Problem details: Note each line of the listing that contains the string "lines", and copy it.

◇ ◇ ◇

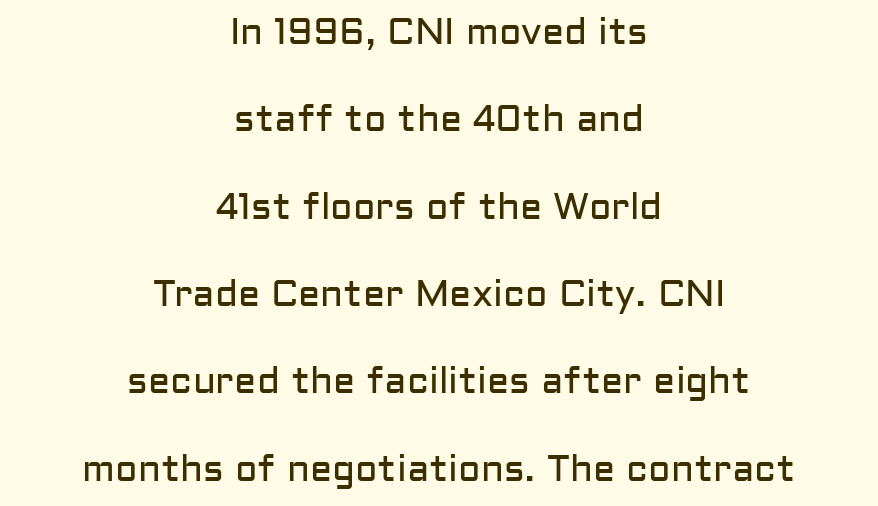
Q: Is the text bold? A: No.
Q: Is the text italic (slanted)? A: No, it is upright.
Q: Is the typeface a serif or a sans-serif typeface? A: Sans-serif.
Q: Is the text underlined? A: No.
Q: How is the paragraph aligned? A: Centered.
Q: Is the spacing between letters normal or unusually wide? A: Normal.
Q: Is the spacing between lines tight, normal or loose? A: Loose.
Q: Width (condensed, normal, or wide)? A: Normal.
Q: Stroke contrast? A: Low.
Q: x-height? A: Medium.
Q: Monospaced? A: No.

◇ ◇ ◇

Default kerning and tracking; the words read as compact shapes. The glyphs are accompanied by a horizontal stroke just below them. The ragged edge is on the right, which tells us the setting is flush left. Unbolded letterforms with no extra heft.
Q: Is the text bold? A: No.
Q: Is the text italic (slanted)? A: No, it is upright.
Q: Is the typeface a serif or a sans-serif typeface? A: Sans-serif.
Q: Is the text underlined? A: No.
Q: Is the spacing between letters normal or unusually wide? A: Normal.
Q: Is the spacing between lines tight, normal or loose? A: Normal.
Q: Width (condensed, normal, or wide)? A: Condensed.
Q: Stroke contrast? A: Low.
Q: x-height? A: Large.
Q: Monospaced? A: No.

◇ ◇ ◇

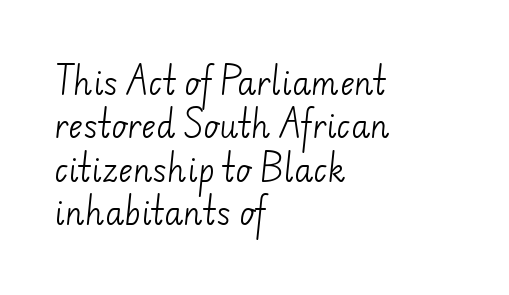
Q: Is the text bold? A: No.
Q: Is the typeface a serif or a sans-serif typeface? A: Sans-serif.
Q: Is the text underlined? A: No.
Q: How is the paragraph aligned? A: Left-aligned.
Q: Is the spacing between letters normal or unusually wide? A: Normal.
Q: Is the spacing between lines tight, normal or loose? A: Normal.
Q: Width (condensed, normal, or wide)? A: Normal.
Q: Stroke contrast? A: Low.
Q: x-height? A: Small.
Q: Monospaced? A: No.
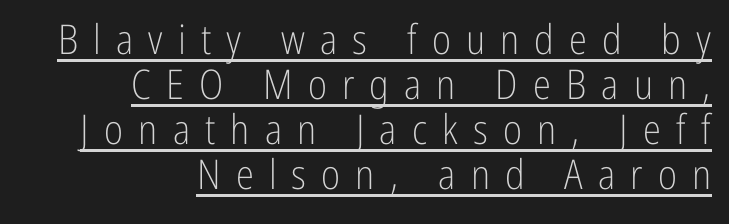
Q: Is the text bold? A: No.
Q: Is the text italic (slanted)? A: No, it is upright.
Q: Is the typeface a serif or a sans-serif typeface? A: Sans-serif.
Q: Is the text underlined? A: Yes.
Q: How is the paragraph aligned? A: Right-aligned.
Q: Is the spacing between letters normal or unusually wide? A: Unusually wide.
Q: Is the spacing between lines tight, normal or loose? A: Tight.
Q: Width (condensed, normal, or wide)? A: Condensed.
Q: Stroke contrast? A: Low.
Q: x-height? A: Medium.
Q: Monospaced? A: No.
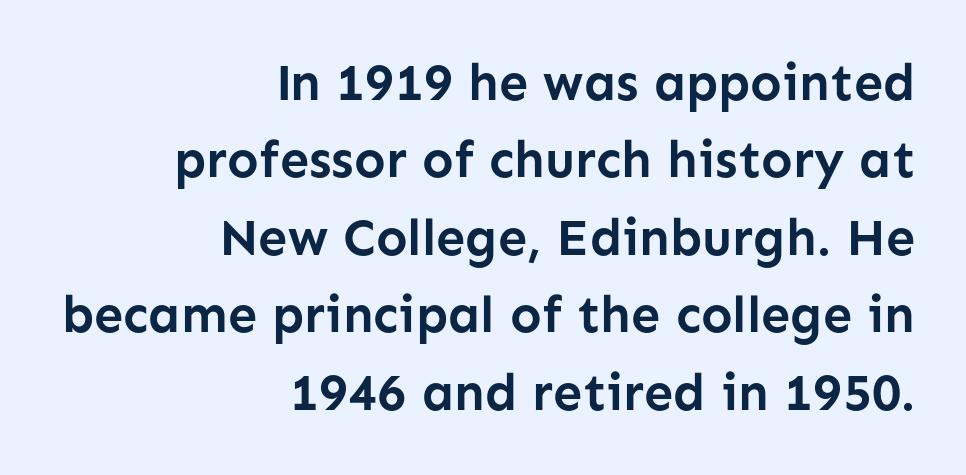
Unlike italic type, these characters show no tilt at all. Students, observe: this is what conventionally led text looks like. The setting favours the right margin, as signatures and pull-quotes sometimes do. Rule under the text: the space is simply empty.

◇ ◇ ◇

Task answer:
Q: Is the spacing between lines tight, normal or loose? A: Loose.
Q: Is the spacing between lines tight, normal or loose? A: Normal.
Q: Is the spacing between lines tight, normal or loose? A: Normal.
Q: Is the spacing between lines tight, normal or loose? A: Tight.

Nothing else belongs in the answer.